▶ [ACTIVITY]: Give the records below again, word for word. No pictures belong in the copy.

Top of SOURCE DATA

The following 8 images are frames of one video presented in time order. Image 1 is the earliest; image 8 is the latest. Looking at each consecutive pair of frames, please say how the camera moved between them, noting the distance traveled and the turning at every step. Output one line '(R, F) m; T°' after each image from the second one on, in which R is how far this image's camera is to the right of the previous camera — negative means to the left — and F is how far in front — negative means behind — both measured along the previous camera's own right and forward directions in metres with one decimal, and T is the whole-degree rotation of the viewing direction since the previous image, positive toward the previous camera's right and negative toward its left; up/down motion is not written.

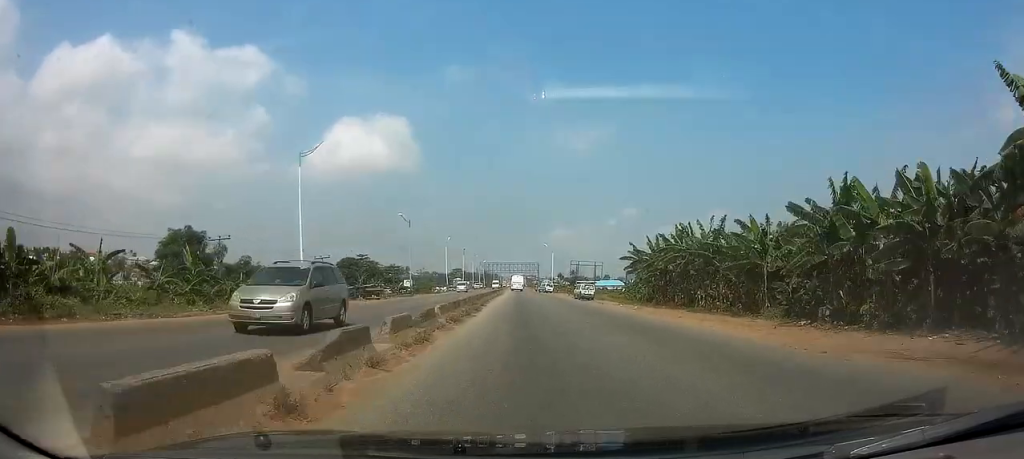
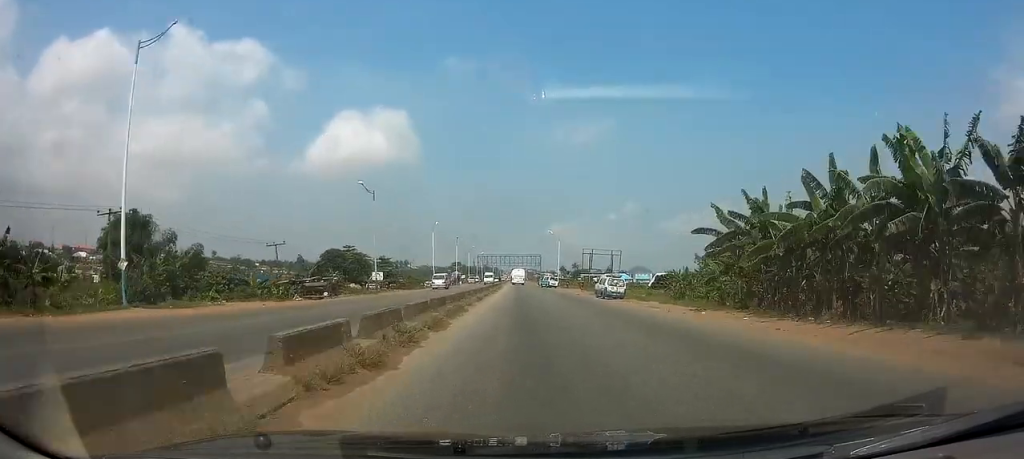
(0.0, +18.9) m; 0°
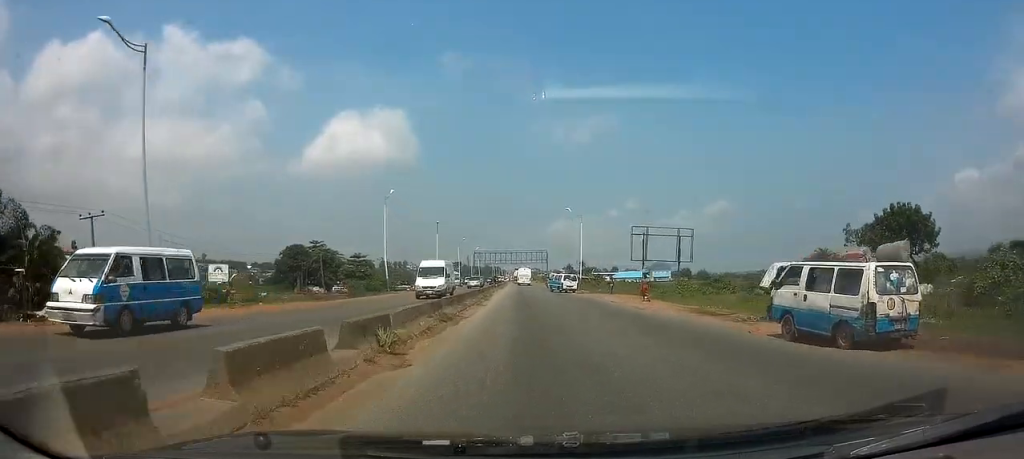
(-0.1, +38.0) m; 0°
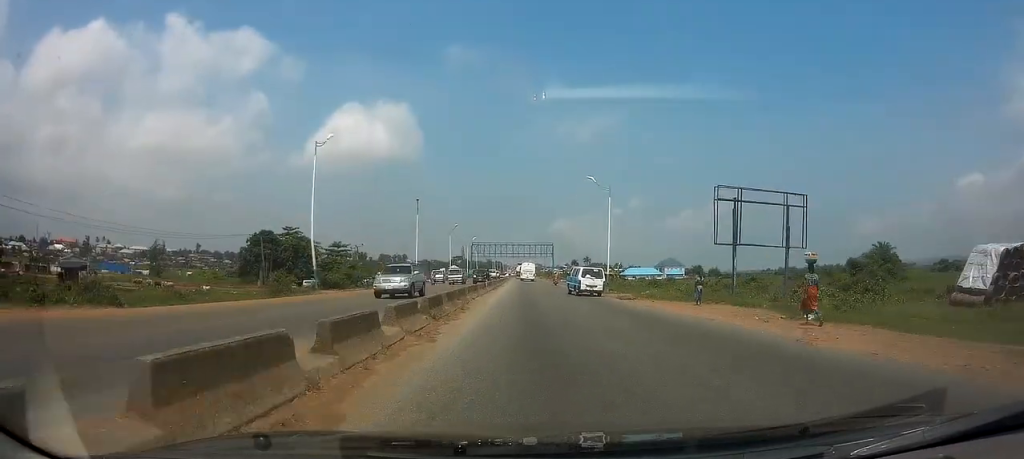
(0.0, +22.3) m; 0°
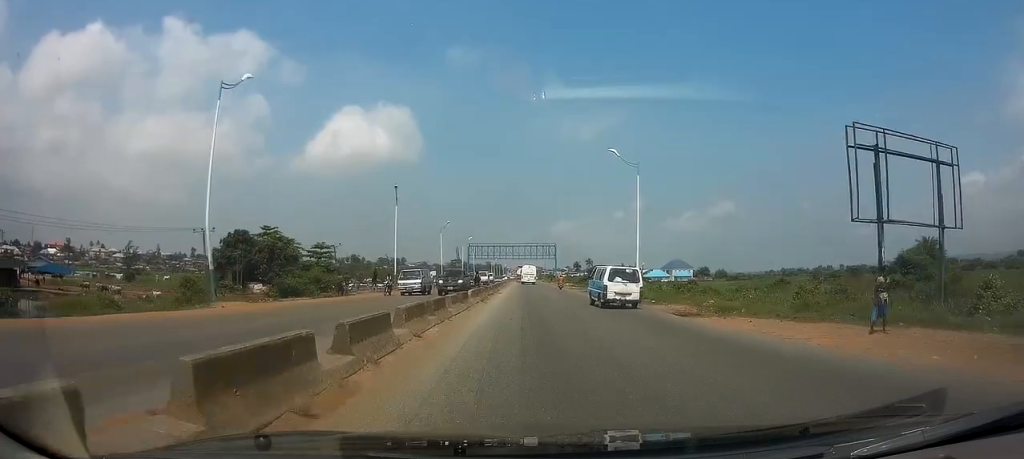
(0.0, +14.4) m; 0°
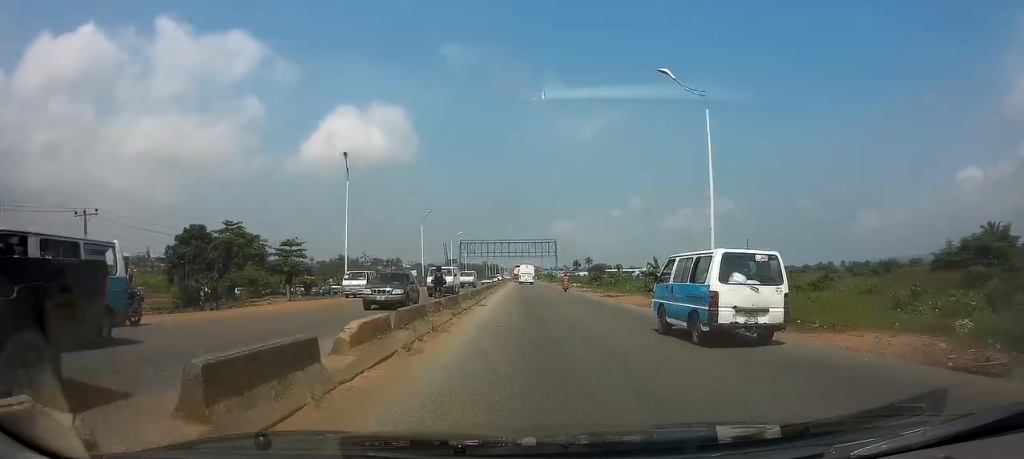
(-0.1, +18.3) m; 0°
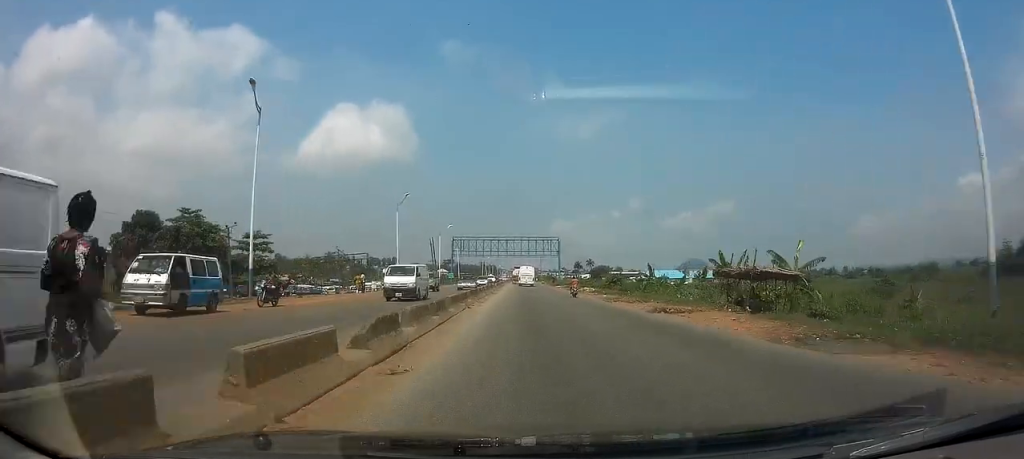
(0.0, +17.1) m; 0°
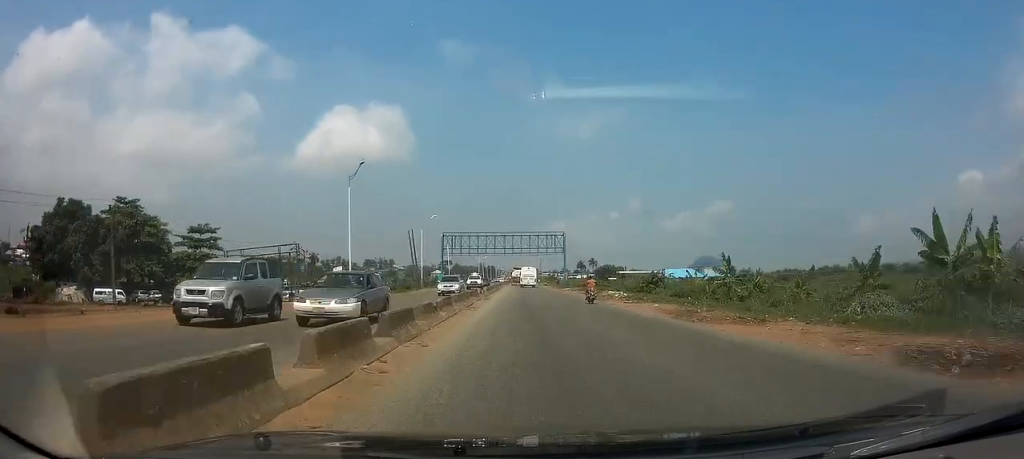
(+0.1, +20.2) m; 0°

Bottom of SOURCE DATA

▶ [SOLUTION FOR THIS PROBLEM]:
The following 8 images are frames of one video presented in time order. Image 1 is the earliest; image 8 is the latest. Looking at each consecutive pair of frames, please say how the camera moved between them, noting the distance traveled and the turning at every step. Output one line '(R, F) m; T°' after each image from the second one on, in which R is how far this image's camera is to the right of the previous camera — negative means to the left — and F is how far in front — negative means behind — both measured along the previous camera's own right and forward directions in metres with one decimal, and T is the whole-degree rotation of the viewing direction since the previous image, positive toward the previous camera's right and negative toward its left; up/down motion is not written.

(0.0, +18.9) m; 0°
(-0.1, +38.0) m; 0°
(0.0, +22.3) m; 0°
(0.0, +14.4) m; 0°
(-0.1, +18.3) m; 0°
(0.0, +17.1) m; 0°
(+0.1, +20.2) m; 0°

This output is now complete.